In 2014, al-Shabab’s military unit Jaysh Ayman, whose members are mostly Kenyans, carried out its first attack. They targeted Mpeketoni, killing nearly 50 people, most of whom were Kikuyu.
In a statement, one of the justifications al-Shabab gave for the attack was that Mpeketoni was “originally a Muslim town before it was invaded and occupied by Christian settlers.” In response, President Uhuru Kenyatta ordered the repossession of 70% of the land titles issued in Lamu, mostly around the planned port, noting that 22 developers had irregularly acquired about 500,000 acres of public land.
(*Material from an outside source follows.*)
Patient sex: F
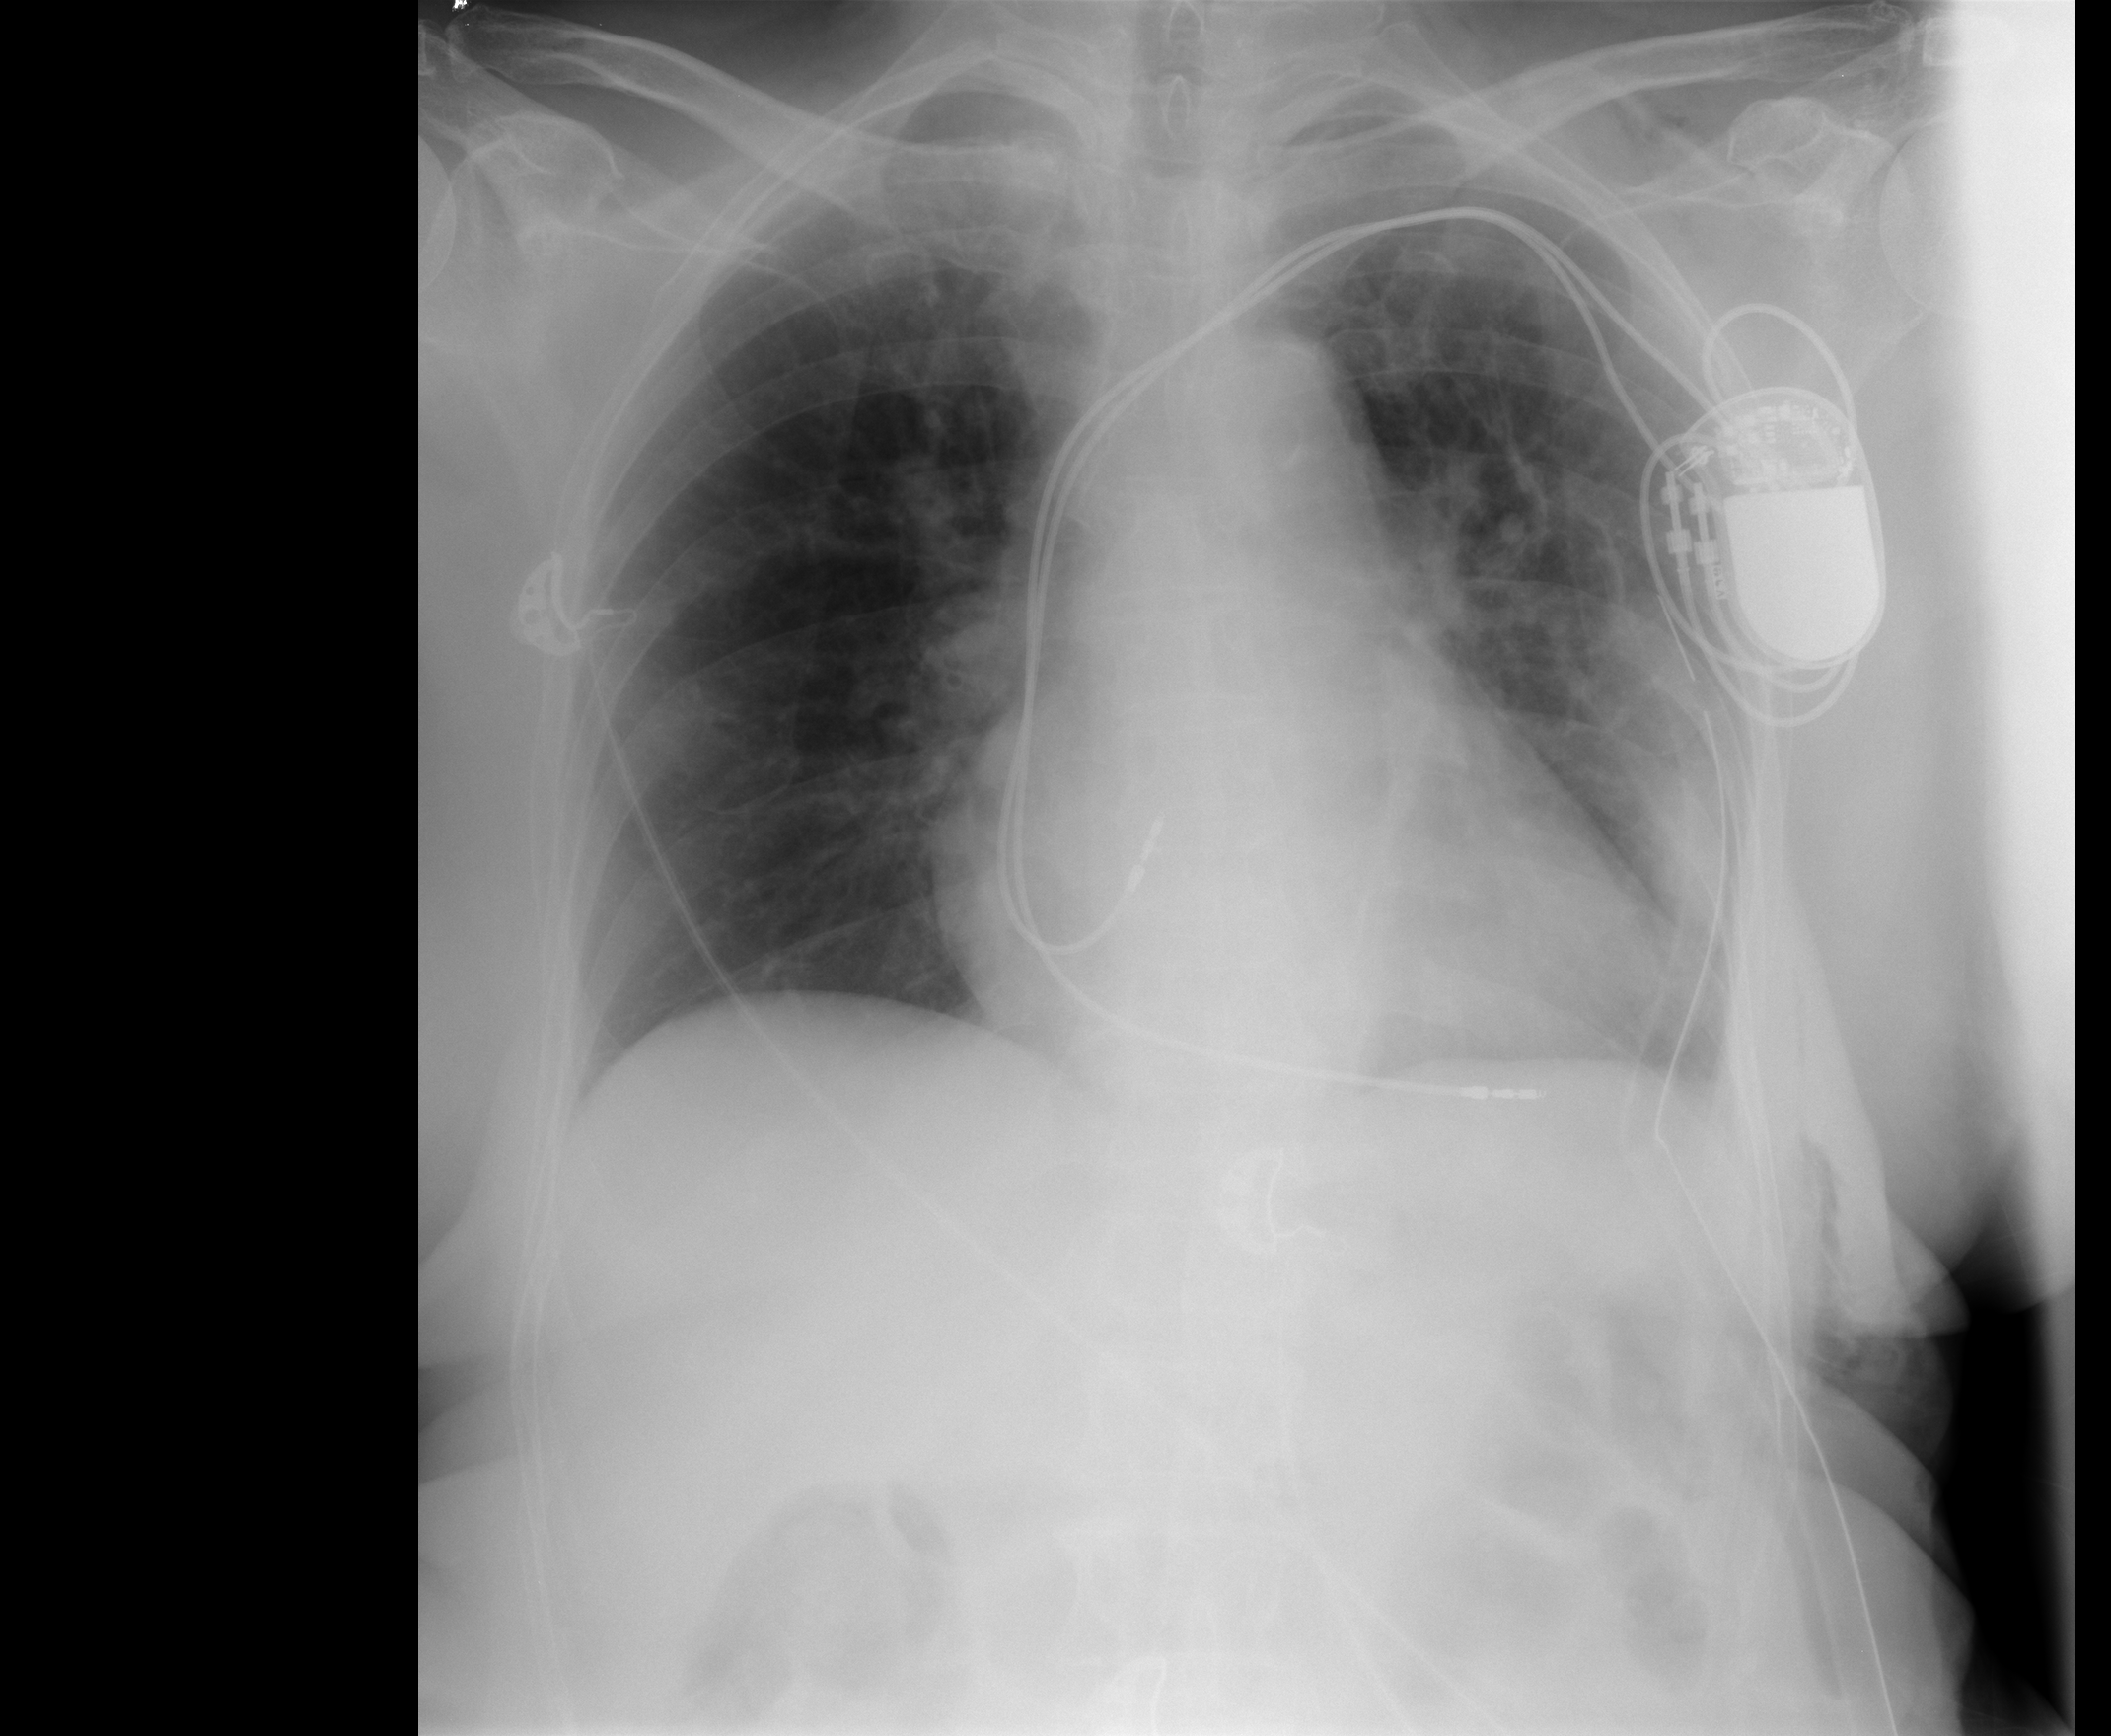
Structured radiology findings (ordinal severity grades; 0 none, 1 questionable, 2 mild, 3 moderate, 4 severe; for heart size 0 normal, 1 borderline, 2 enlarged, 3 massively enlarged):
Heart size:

Athman’s dhow, tied up to the island’s dock, drifts side to side as waves pass underneath. He throws a freshly caught octopus onto a portable gas stove and begins chopping onions, placing them into a frying pan. After a while, more and more people come to sit on the sides of the dhow — some of them fellow fishermen.
Athman begins serving the food, a mix of rice, vegetables and octopus, handing a plate to anyone who requests one. Everyone on Lamu Island has grown up together; they also share freely with one another — despite their deepening hardships. It is likely the only way these fishermen have survived up to now.
“The people of Lamu are sleeping,” Athman says, as he invites passersby to join the feast. “When they take out the fishermen, they will eventually take out everyone. People need to wake up before it’s too late.”
“This development is not for us,” he adds. “Even the nice roads they are constructing — none of it is for us. It is just a red carpet for people coming from Nairobi. This is all very sad for me. This is my island. But then they want us to leave so they can replace us with other people. We don’t even know if we will exist in the future.”